> [What is expected]: Pictures are to be left out, and only the lines below starting at the one with "Question: Can you" and ending at the one with "Answer: 140 1" are to be reproduced, each exactly, both ends included.

> [Provided data]:
+ + +
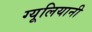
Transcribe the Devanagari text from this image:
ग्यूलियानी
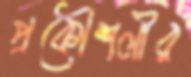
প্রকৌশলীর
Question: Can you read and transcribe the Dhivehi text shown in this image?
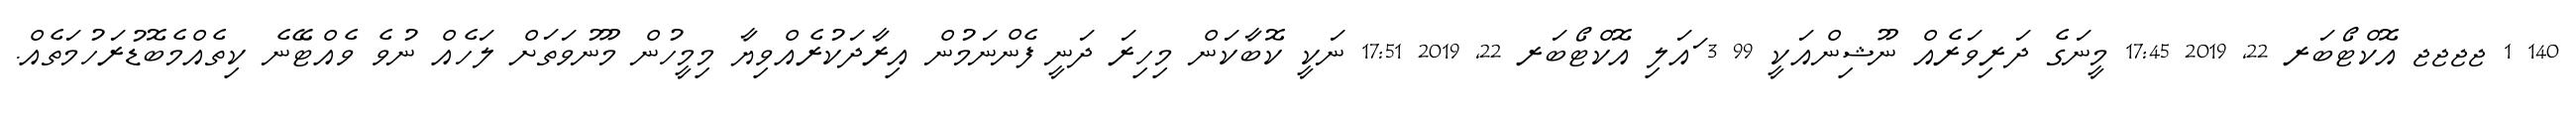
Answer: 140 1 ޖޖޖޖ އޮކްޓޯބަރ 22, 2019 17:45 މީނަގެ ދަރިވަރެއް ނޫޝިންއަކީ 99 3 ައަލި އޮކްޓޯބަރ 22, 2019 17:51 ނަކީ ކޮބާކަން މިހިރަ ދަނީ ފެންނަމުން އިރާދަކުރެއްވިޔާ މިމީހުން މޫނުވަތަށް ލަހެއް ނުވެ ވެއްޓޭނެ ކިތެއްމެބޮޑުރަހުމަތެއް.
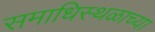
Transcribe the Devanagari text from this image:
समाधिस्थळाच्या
+ + +
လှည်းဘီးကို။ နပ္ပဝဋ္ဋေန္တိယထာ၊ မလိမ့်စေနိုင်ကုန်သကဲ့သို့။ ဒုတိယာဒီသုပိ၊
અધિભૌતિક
+ + +
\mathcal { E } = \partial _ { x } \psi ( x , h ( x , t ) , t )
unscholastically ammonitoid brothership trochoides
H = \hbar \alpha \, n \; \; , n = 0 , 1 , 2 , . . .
+ + +
> [Written answer]:
Question: Can you read and transcribe the Dhivehi text shown in this image?
Answer: 140 1 ޖޖޖޖ އޮކްޓޯބަރ 22, 2019 17:45 މީނަގެ ދަރިވަރެއް ނޫޝިންއަކީ 99 3 ައަލި އޮކްޓޯބަރ 22, 2019 17:51 ނަކީ ކޮބާކަން މިހިރަ ދަނީ ފެންނަމުން އިރާދަކުރެއްވިޔާ މިމީހުން މޫނުވަތަށް ލަހެއް ނުވެ ވެއްޓޭނެ ކިތެއްމެބޮޑުރަހުމަތެއް.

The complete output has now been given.